## YOUR ASSIGNMENT
The printed result should hold only the lines from the opening of the data through the line bearing "Generated in &lt;1ms", exactly as given and without pictures.

Items from a dataset:
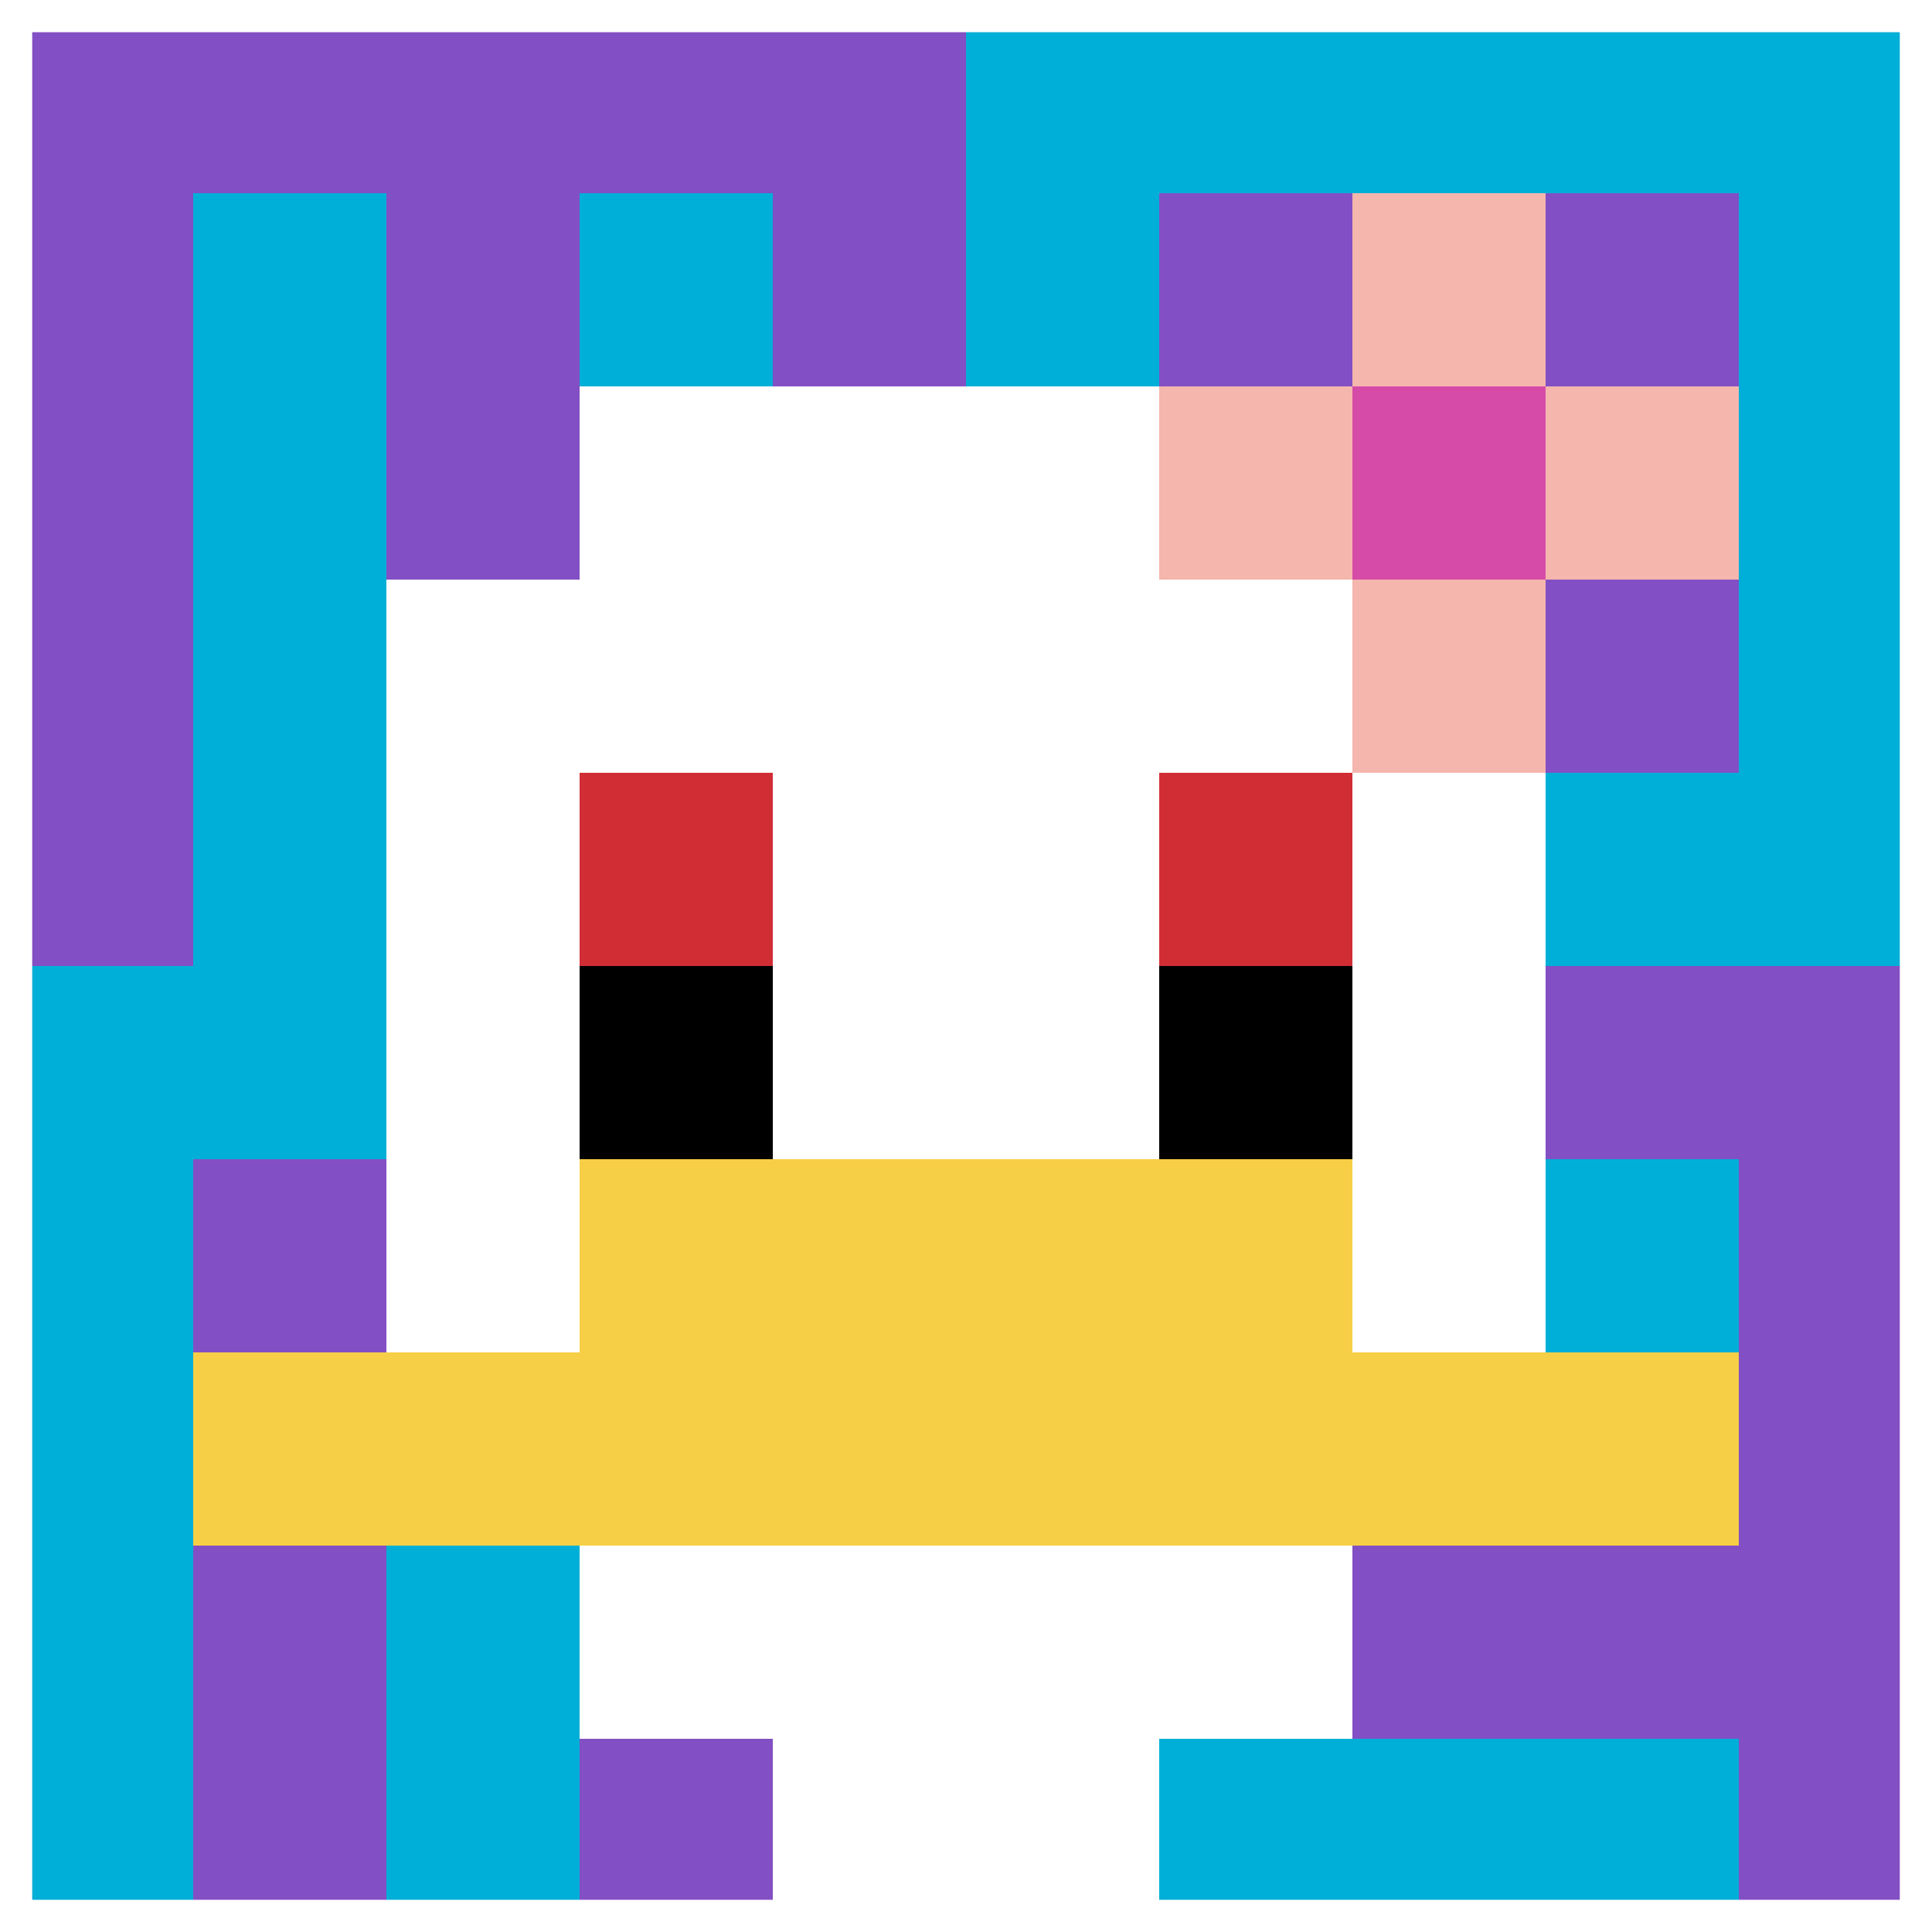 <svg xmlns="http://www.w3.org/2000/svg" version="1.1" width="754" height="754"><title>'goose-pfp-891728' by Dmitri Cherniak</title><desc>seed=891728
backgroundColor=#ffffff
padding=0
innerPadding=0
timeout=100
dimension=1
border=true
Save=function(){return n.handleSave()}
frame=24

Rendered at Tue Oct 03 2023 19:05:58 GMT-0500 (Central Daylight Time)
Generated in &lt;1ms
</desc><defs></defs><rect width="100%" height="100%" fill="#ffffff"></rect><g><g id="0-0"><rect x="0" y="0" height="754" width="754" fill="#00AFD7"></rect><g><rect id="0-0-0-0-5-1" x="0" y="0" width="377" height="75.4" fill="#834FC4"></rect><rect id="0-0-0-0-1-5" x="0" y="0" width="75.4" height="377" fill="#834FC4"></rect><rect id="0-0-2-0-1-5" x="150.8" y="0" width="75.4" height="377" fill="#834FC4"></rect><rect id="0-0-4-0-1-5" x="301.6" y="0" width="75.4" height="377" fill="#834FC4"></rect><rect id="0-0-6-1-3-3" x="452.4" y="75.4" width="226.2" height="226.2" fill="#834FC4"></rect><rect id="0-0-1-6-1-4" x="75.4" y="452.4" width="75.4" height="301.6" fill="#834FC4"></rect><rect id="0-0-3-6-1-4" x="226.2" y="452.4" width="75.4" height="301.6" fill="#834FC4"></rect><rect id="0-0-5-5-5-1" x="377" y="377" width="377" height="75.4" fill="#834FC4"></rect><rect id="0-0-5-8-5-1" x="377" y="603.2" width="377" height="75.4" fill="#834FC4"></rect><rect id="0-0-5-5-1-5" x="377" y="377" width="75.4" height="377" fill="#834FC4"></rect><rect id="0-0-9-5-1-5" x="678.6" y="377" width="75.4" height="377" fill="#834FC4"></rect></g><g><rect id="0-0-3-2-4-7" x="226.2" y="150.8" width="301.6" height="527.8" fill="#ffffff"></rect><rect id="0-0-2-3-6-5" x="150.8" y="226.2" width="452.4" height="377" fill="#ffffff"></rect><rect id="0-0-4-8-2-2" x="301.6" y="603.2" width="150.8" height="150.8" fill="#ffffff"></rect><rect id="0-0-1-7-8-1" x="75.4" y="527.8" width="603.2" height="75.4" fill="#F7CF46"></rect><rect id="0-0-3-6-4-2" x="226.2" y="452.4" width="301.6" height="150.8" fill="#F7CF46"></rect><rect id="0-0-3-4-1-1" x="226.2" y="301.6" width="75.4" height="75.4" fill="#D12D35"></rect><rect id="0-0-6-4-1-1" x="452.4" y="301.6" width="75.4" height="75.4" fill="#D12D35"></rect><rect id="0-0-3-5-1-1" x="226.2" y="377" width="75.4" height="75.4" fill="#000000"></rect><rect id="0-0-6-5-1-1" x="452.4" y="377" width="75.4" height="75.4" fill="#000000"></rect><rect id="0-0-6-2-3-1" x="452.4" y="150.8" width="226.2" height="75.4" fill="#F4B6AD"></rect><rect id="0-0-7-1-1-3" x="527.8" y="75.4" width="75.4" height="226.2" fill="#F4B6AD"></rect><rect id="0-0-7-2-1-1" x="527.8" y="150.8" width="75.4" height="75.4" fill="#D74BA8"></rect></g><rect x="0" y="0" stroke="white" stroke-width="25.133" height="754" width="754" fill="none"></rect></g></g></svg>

## RESPONSE AREA
 <svg xmlns="http://www.w3.org/2000/svg" version="1.1" width="754" height="754"><title>'goose-pfp-891728' by Dmitri Cherniak</title><desc>seed=891728
backgroundColor=#ffffff
padding=0
innerPadding=0
timeout=100
dimension=1
border=true
Save=function(){return n.handleSave()}
frame=24

Rendered at Tue Oct 03 2023 19:05:58 GMT-0500 (Central Daylight Time)
Generated in &lt;1ms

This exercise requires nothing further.